For their part, student recyclers receive Cycle points that can be redeemed for charitable donations through the Cycle app. In the future, the points may be redeemed for other benefits.
“The whole reason we got behind this is because, largely in the US, the recycling system is broken — 90 percent of all plastics are never recycled,” Khan said. “Everything that goes into our machine is guaranteed to be recycled. That’s when we said, let’s put these on college campuses and incentivize college students to recycle.”
Khan, CEO of Cycle Technology, is studying environmental science, German and chemistry. Pohl, COO, is majoring in microbiology and immunology with a second major in economics and a minor in chemistry. Together with three other UM students, they co-founded the company in November 2019, and formulated a partnership with UM. They had planned to launch their first vending machine this spring near UM’s business school.
The Cycle team placed the machine just before the university’s spring break, with a few days to test it out, and expected to launch as students were coming back from spring break. COVID-19 had other plans. Cycle now hopes to launch in the fall, and if all goes well, add more machines around campus.

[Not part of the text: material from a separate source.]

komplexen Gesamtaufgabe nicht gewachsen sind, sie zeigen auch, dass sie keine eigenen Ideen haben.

The team is using this quarantine time to work on its national expansion strategy. Cycle now is a team of about a dozen students; some of them go to other U.S. universities. The idea is to gain support at those schools and then propose it to the administrations. “It’s a student coalition of highly motivated environmentally friendly college kids across the U.S. to spread this mission, leveraging everyone’s college networks to continue to grow,” Pohl said.
Finding a hardware manufacturer that makes the reverse vending machines and a developer to create the software linking the machine and the app have been challenges. They now have both; Cycle’s hardware manufacturer is in Connecticut.

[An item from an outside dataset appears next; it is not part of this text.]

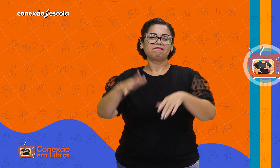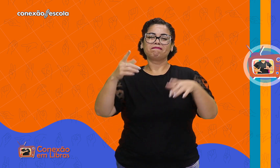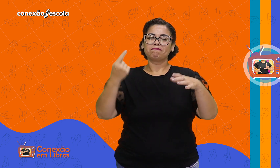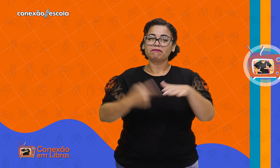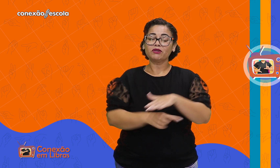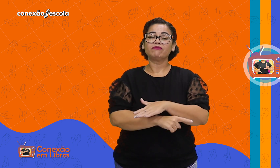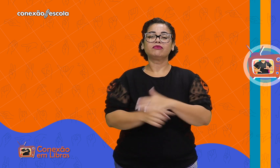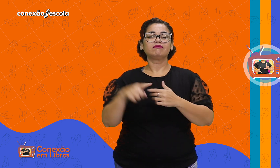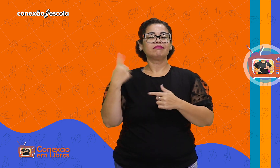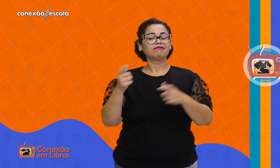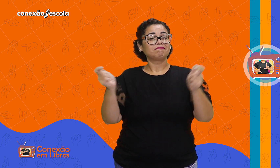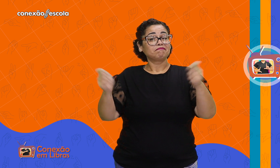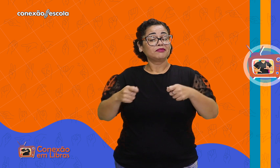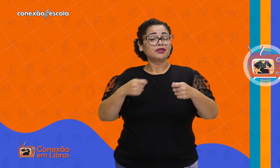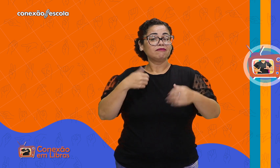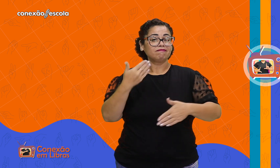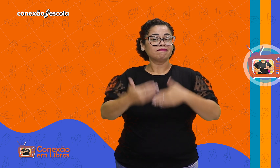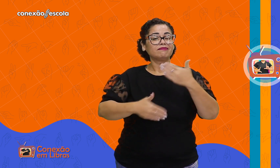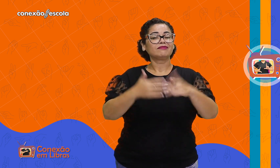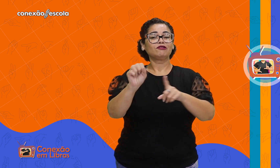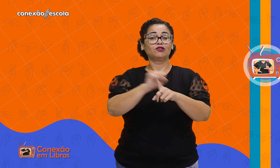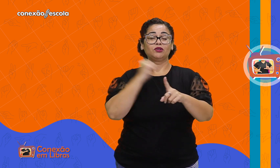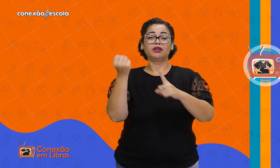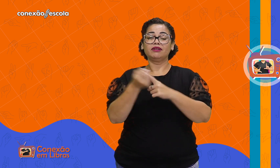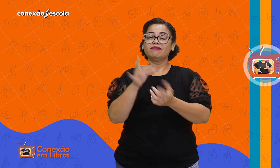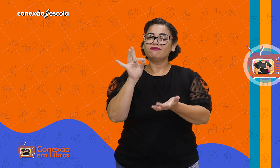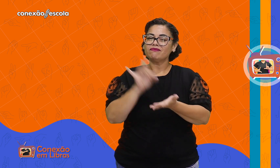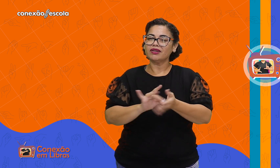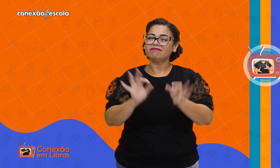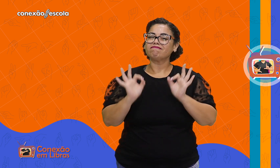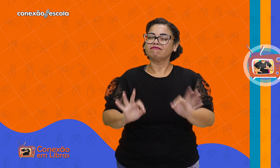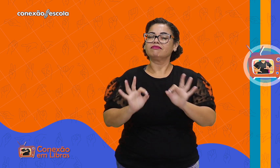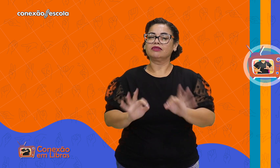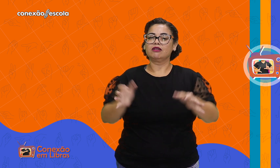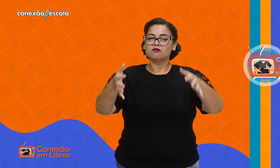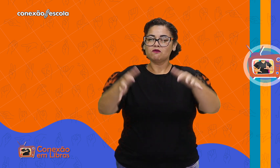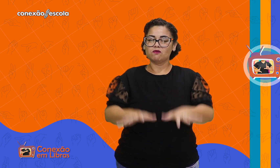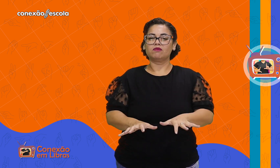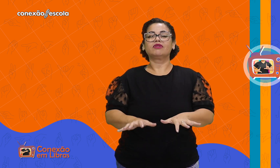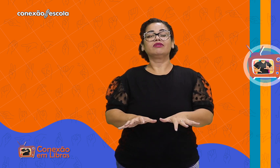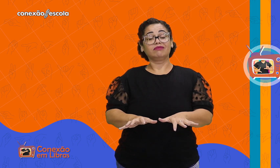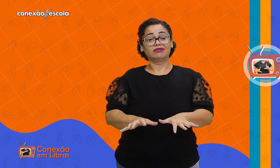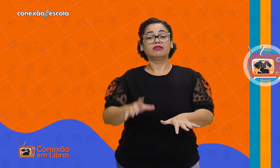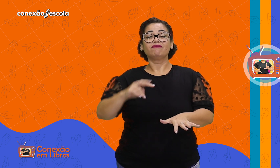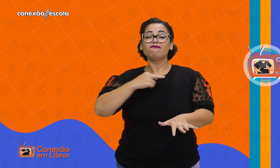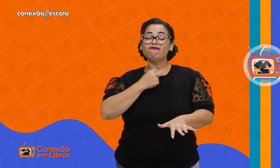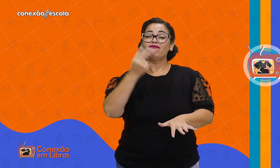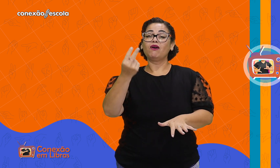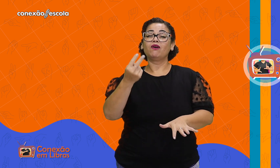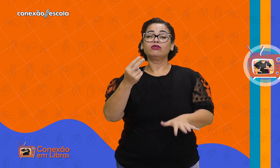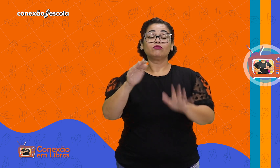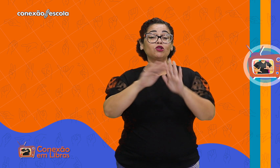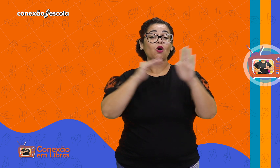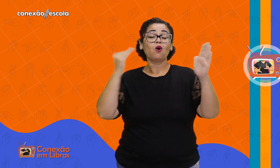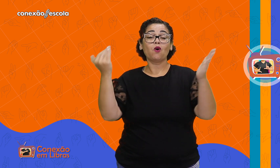mais profundas e que possamos construir uma sociedade verdadeiramente inclusiva, onde as vozes

Cycle receives monthly subscription fees for the placement and maintenance of the vending machine and for the waste management services, such as transporting and selling the recyclables to a bulk recycling facility, Pohl said.
As a socially responsible company, Cycle will donate to charity half the money it collects from the recycled products. The other half goes back to the university, incentivizing the school to promote Cycle. In addition, students can donate the value of their earned Cycle points to charity. Currently the company is working with a sustainable development project for a school in India, as well as the Boys and Girls Club and the South Wales Fire Service battling brush fires in Australia. Cycle app users can also propose charities.
In version 2 of the app, Cycle is building out a marketplace where people will be able to redeem Cycle points for gift cards and discounts with partnering companies or Cycle-branded merchandise. In bottle-deposit states, Cycle may also let users earn cash for their recycling, Pohl said.
To finance the business, the students raised $130,000 from friends and family, and are now negotiating with a family office for a larger financing round. They are also partnering with other companies with green missions to create “a menu of sustainability services.”
Pohl and Khan also said they are trying to create a Cycle Entrepreneurial Ecosystem Fund for struggling college startups during this COVID period, which has slowed internships, competitions and funding. Working with capital partners to match investments, “we are attempting to create a fund and promote innovation at a time when we need it most,” Khan said.